By Kristine Keller and Alex Friedman

Marketing experts explain how to bridge the brand partnerships that will introduce you to new audiences.

Did the Crocs and KFC partnership stop you in your tracks? Did The North Face and Gucci collaboration make you think about both brands in a new light? That’s the power of an unexpected yet organic partnership–it sparks conversation and allows prospective consumers to engage with your brand in new ways. Whether you’re an established brand or a company just getting off the ground, you need a brand partnerships arm of your business to cut through marketing noise and build new revenue streams.


Brand partnerships serve different purposes for every brand. But as a whole, they should:

  • Raise general brand awareness and grow your customer base 
  • Generate revenue, whether that’s by consumers being interested in the brand partnership and thus making a purchase, or because your brand partners are paying in order to work with you) 
  • Be a cost-effective marketing strategy for you. You need to rely on your partner brand’s reach while paying less than you might on Facebook advertising, for instance. 
  • Generate leads and drive subscribers 
  • Drive press and social chatter 
  • Demonstrate your brand’s unique personality 

There are several types of brand partnerships but these are the most common.

Strategic Partnerships

In these types of partnerships, no money is exchanged between the brands. Rather, two brands come together to mutually benefit one another. Here, each brand comes to the table with something that’s of interest to the other partner, that’s of comparable value. An example here are some of the social giveaways that you might see on Instagram. Typically in social giveaways, 2-4 brands team up to provide a suite of product or offerings to a prize winner in exchange for entrants offering their email address or following the brands on social. Brands team up on social giveaways in order to make the gift as enticing as possible, increase entrants and to leverage each other’s social followings for cross-promotion. 

Revenue-driving Brand Partnerships

One brand pays money to another in exchange for a brand partnership service. These services might include traditional media/ad space, newsletter integration, custom social content, live or virtual events, etc. The past few years we’ve seen the industry shift into more custom and bespoke brand partnerships.The most obvious examples are brand sponsorships that you see when you watch an NBA game or attend a festival like Coachella or The New Yorker Festival.  Less obvious examples might be if you see your favorite shampoo or conditioner in the bathroom of your gym–those brands may have paid for their product to be integrated. 

Typically, the brand who has the revenue (we’ll call them Brand A) will have very specific objectives that they need the brand receiving the money (Brand B) to hit. Sometimes these conversations are very clear cut where Brand A will send an RFP (a request for a proposal) to Brand B and clearly outline their goals and objectives. Brand B will use the RFP to develop very creative ideas that hit these objectives while also staying true to their own brand and audience in order to win the business and receive the funds. All of the custom activations at Coachella have been thoughtfully executed with the paying brand’s goals and objectives in mind, for example. 

Licensing Partnerships

A brand may pay another brand to license their intellectual property (IP) in order to cement themselves in the cultural zeitgeist and drive sales. We see this often in the entertainment and fashion spaces. An example would be anytime you’re walking through the supermarket and see your favorite film character on a box of cookies, the cookie brand has paid a sizable amount to license that character in order to sell their product. 

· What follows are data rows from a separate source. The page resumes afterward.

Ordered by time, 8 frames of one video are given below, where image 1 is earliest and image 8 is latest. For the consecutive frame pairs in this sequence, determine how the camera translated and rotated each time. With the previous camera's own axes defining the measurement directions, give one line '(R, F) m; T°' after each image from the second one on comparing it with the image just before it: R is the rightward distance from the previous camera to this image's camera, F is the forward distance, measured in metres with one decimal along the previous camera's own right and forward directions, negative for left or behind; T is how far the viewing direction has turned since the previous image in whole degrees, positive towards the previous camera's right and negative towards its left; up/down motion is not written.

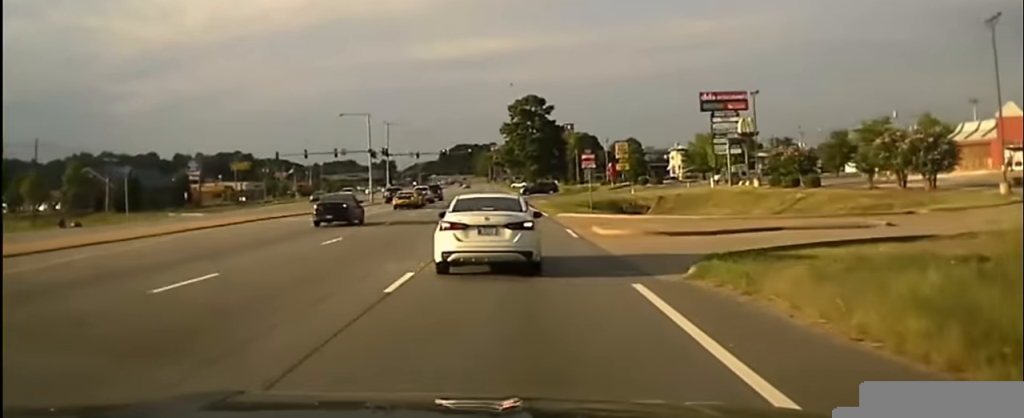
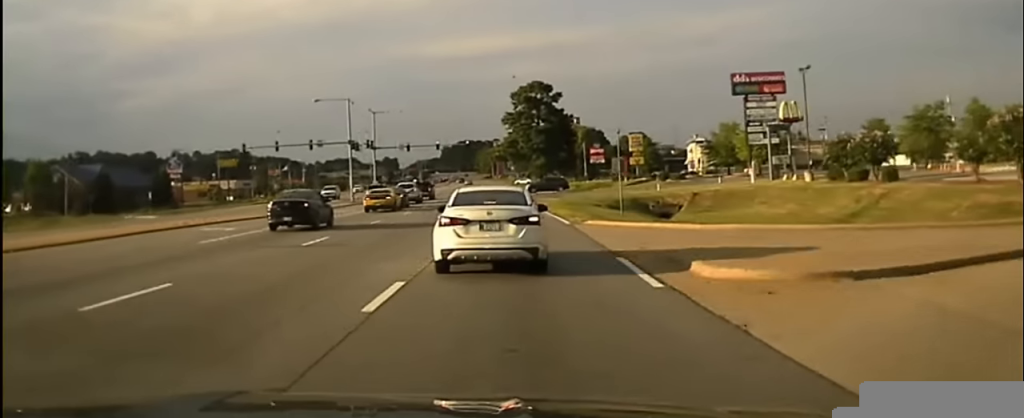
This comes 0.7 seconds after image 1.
(-0.1, +15.6) m; -1°
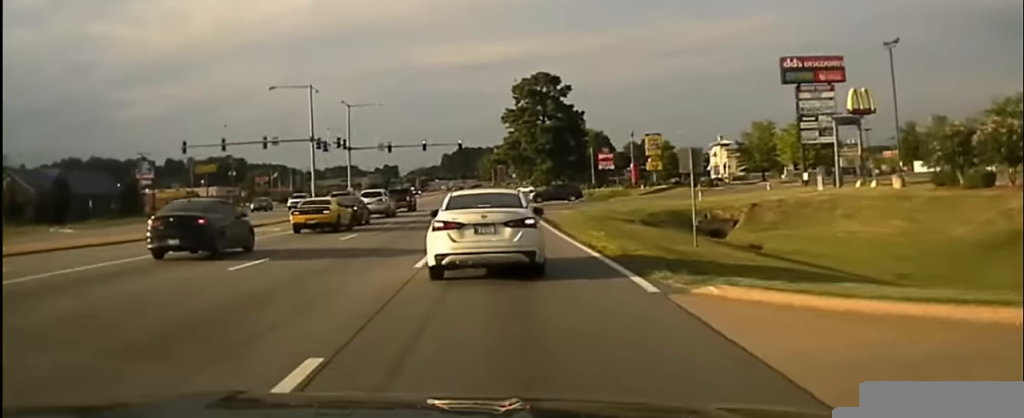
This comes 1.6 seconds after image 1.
(0.0, +19.0) m; 0°
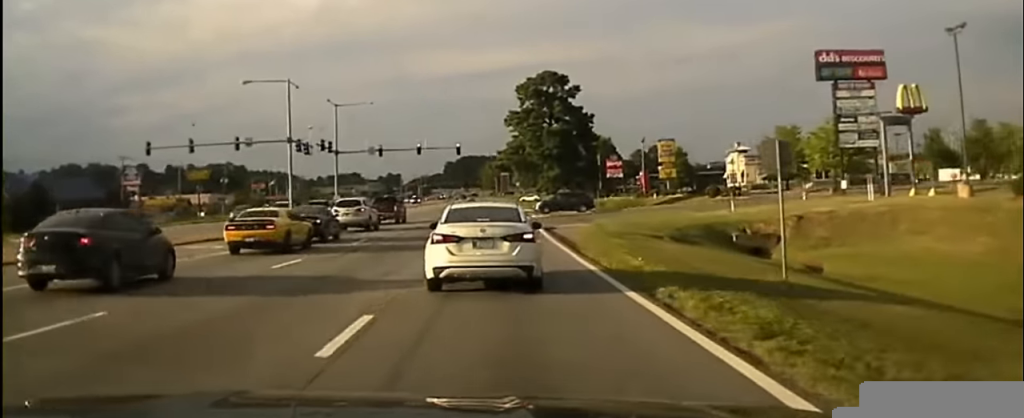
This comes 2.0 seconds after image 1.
(0.0, +9.9) m; 0°
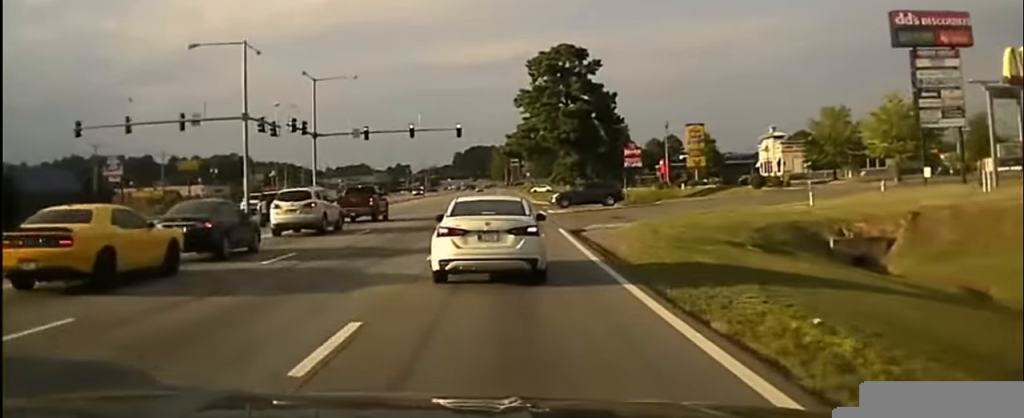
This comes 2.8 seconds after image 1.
(0.0, +15.4) m; 0°
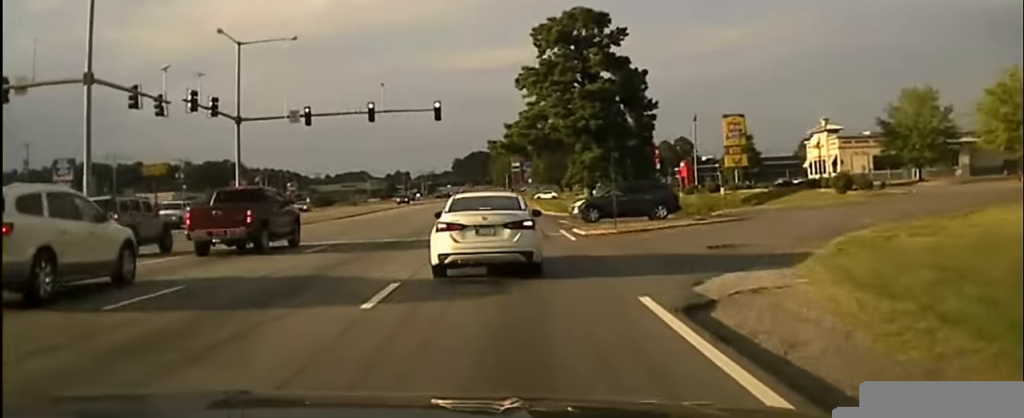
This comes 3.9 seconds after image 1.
(0.0, +20.8) m; 0°
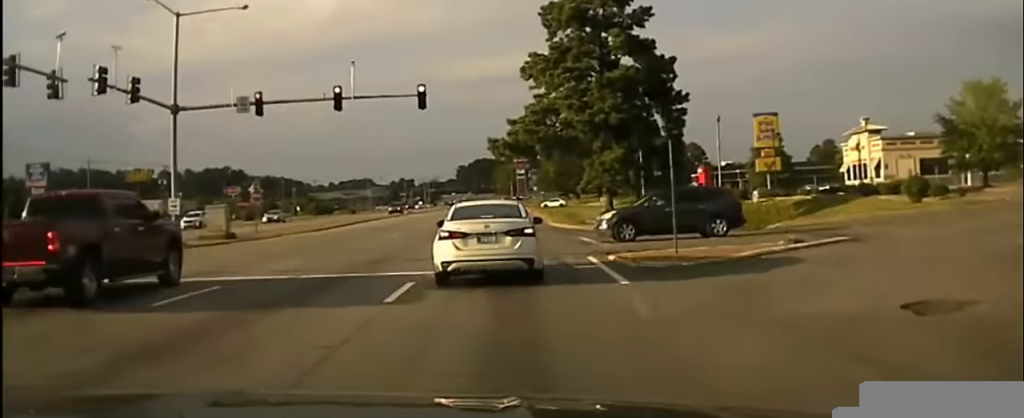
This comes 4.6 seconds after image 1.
(0.0, +10.7) m; 0°
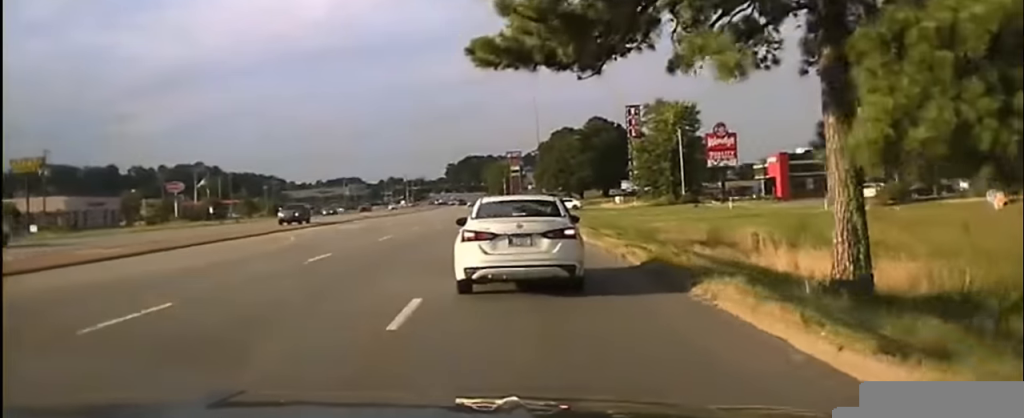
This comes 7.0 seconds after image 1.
(-0.7, +38.9) m; -1°

Something we’re asked often is how you know when you’re ready to start receiving money from brands. Typically, for younger businesses, you can start demanding capital once you have a sizable audience that’s desirable to other brands. The best thing to do is to have realistic expectations when you’re first starting your brand partnerships arm of your business. A brand typically pays a fee that’s commensurate with the deliverables of services that the other brand is providing and the size of the audience. Be careful not to get caught up in what brands might be paying large Fortune500 companies. If you are looking to command six figures from brands, focus on building a loyal and dedicated community first.


For brands who have marketing revenue to spend on partnerships, the best place to start is: what is the product I’m looking to amplify and which brand partner will help me tell that story best? If you’re a startup with limited budget, you could start by identifying smaller scale (and less expensive) festivals or conferences to sponsor that reach your target audience and potentially put your product in the hands of consumers at the actual event. 

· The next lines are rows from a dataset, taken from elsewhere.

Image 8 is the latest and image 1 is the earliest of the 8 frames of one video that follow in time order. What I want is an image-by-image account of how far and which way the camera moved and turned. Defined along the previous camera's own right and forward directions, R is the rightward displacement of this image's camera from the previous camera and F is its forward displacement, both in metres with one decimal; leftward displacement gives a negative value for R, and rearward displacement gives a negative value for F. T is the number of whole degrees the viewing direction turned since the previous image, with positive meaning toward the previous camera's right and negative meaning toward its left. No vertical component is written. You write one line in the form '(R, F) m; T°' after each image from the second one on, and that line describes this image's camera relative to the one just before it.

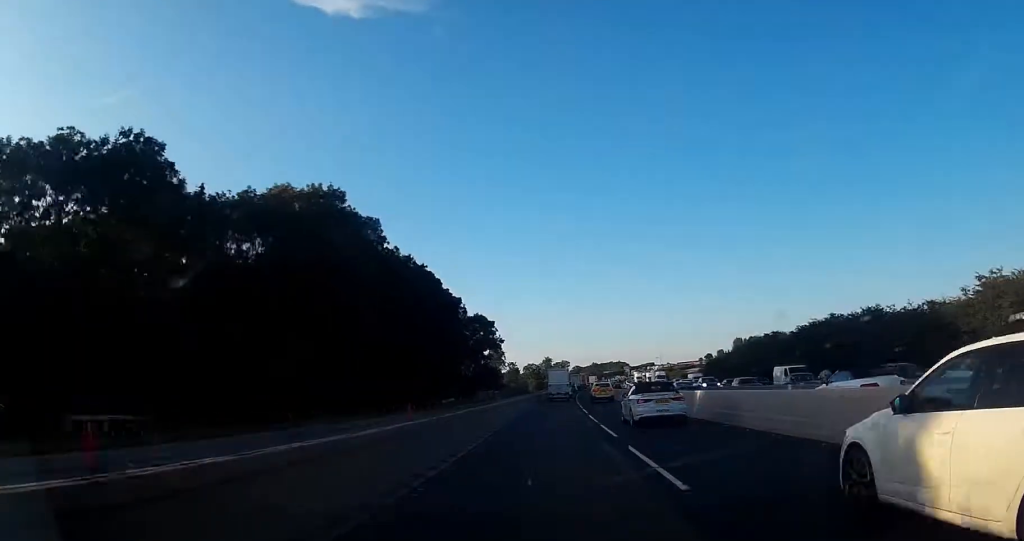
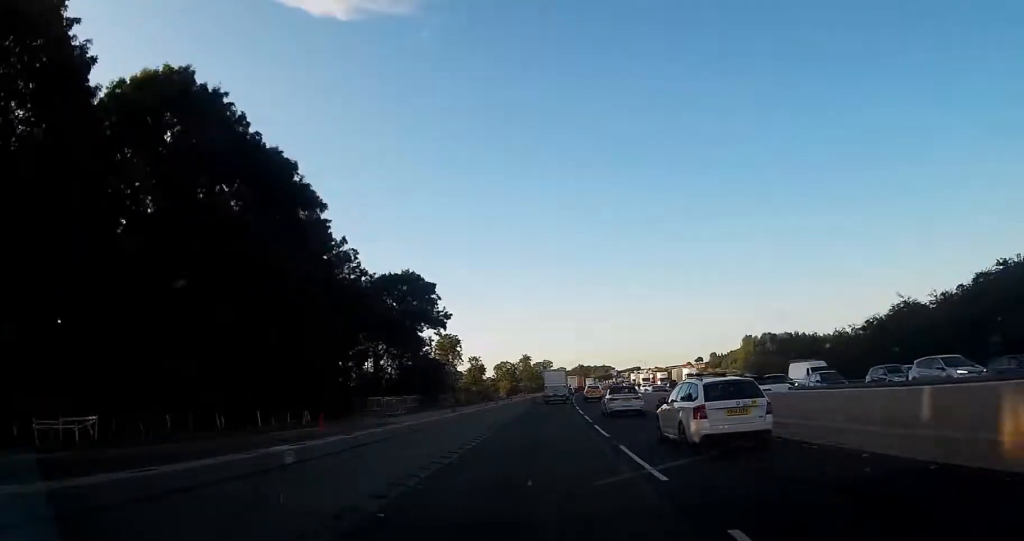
(+0.9, +53.8) m; +2°
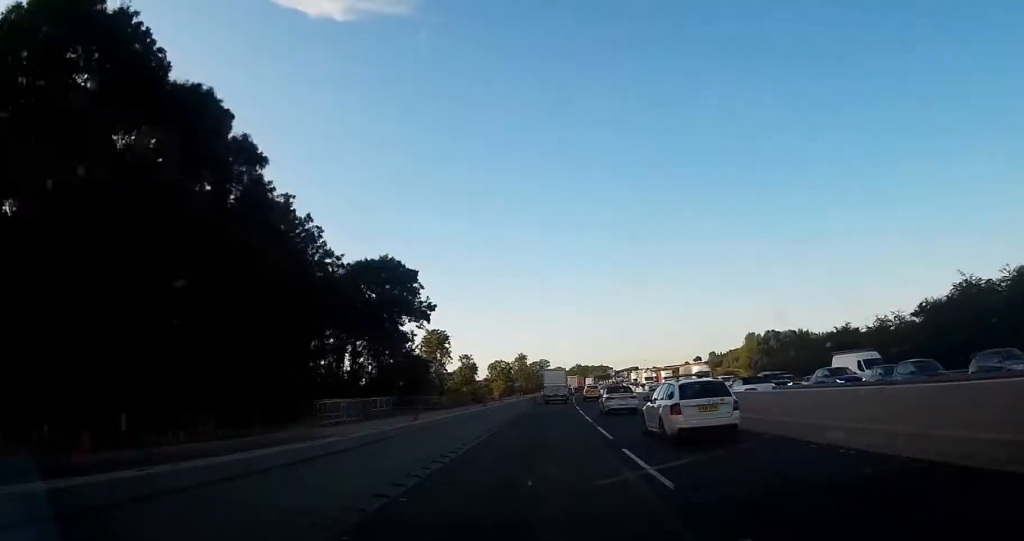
(0.0, +9.8) m; 0°
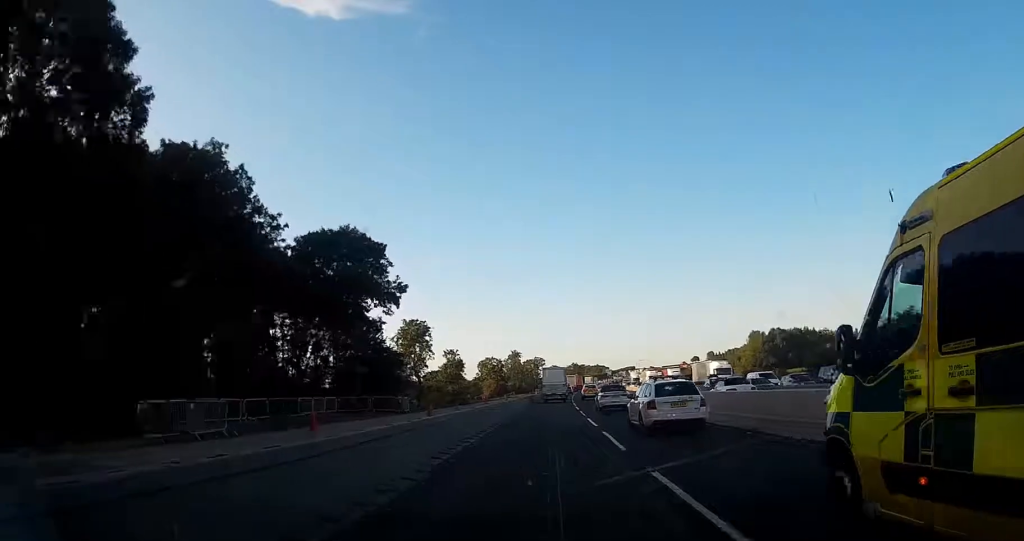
(0.0, +13.6) m; 0°
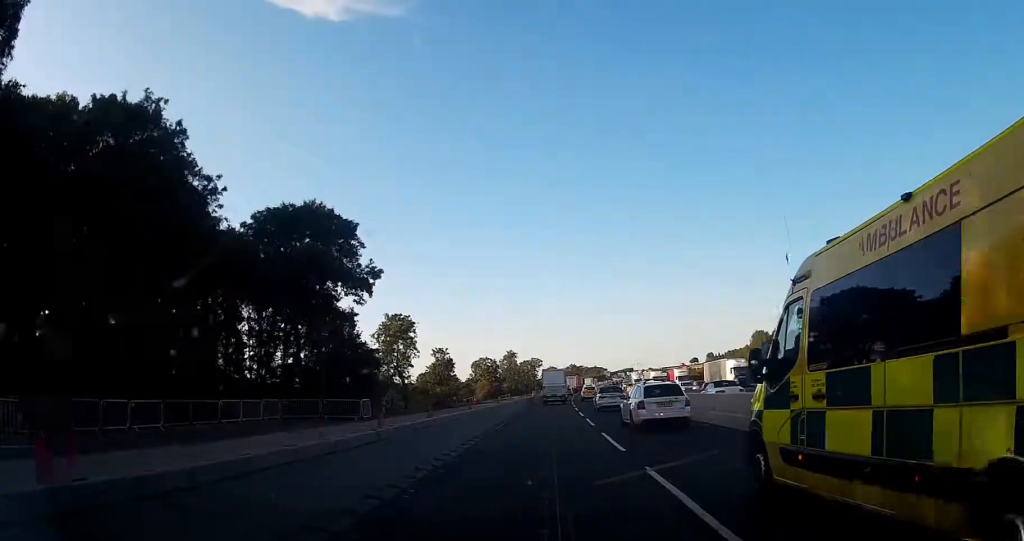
(0.0, +9.0) m; 0°
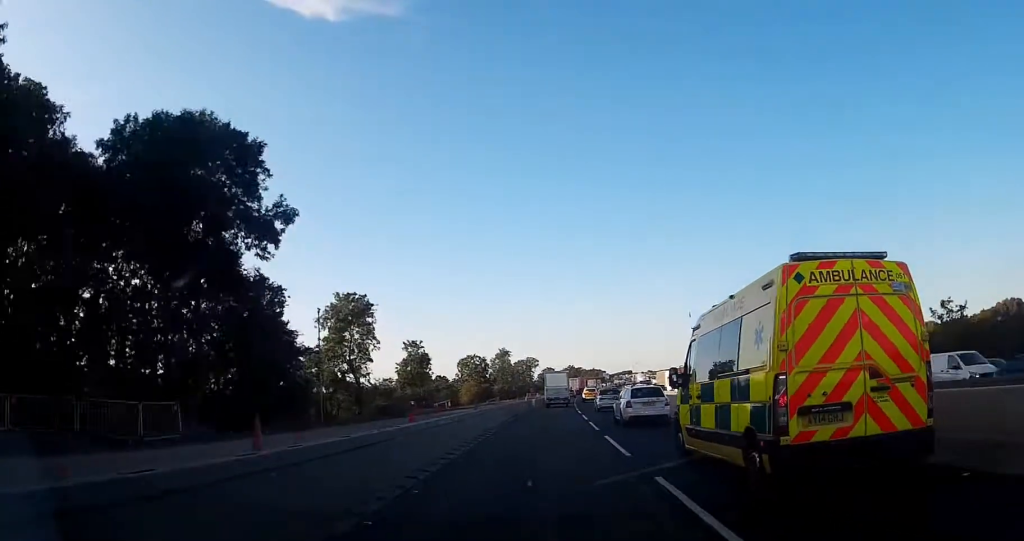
(+0.1, +19.3) m; 0°
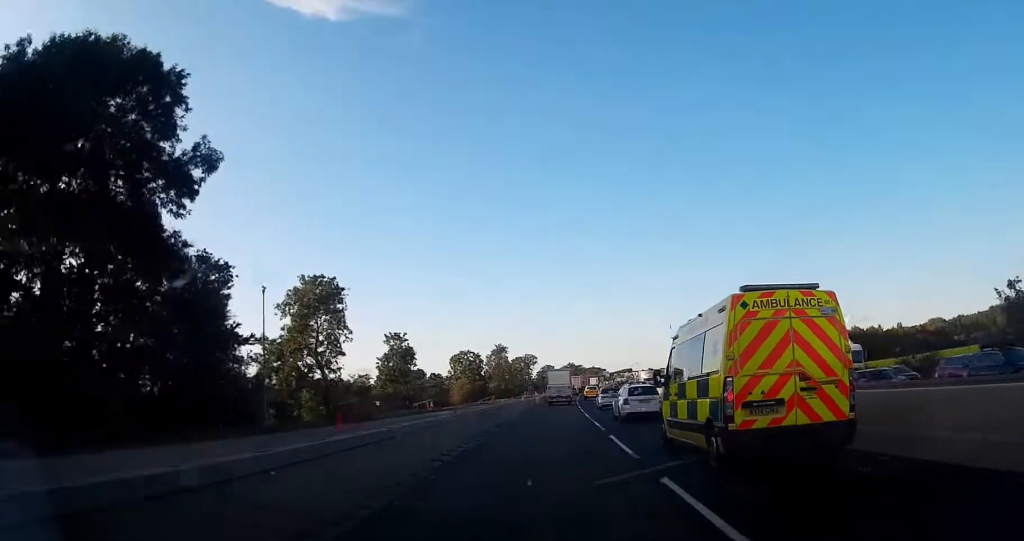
(0.0, +9.7) m; 0°
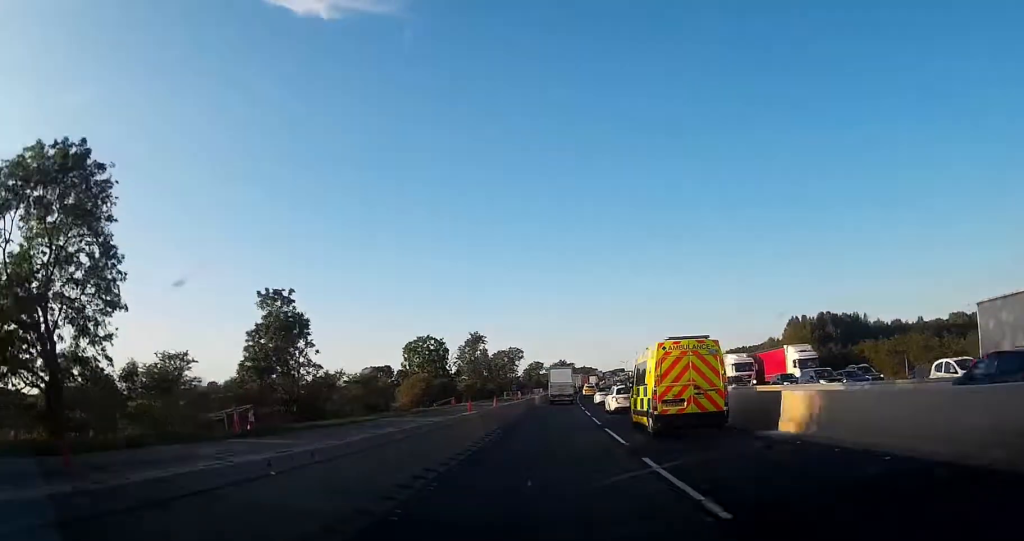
(+0.2, +33.4) m; +1°

If you’re a brand without a marketing budget but still want to engage in partnerships–the best place to start is by working with brands that could benefit from your audience in some way. For instance, let’s say you are a startup with less than 10,000 followers but you’ve garnered a ton of press and have a cult following. You could find a brand partner that’s looking to engage with your loyal following and attract some of the press that you’ve been able to reach. Think about what your assets are and the gaps you might be able to fill for other brand partners. 


It’s important to note that a partnership negotiation cycle can last anywhere from 3 months to one year. The larger the partnership (and the more revenue being spent), typically the longer the conversations will go on. The best thing to do when negotiating the terms is to put together a collaborative working document, the term sheet, that both parties use as their source of truth. We love this part of the process because it’s when all of the months of ideation are boiled into concrete deliverables that each brand will be providing the other. Once both parties align on the terms, this document can easily be dropped into a contract with the legalese upfront and the deliverables in the back. 


This is what we call the “post-sale” or “activation” of a partnership. This means that a contract has been signed by both parties and you’re ready to hit the ground running on execution and bringing the partnership elements to life. In this phase, you’ll use your contract as a guide, but remember that things will always deviate slightly once you’re in the execution phase. The best approach is to ensure you’re having weekly status calls with both your internal teams and the brand partner you’re working with. Staying agile and nimble is the name of the game to ensure that you can pivot along the way where necessary. This is also when you can congratulate yourself–after months of negotiation, your work is hopefully out in the world for people to see. Take a moment and reflect on how far you’ve come…and then get ready to do it all over again!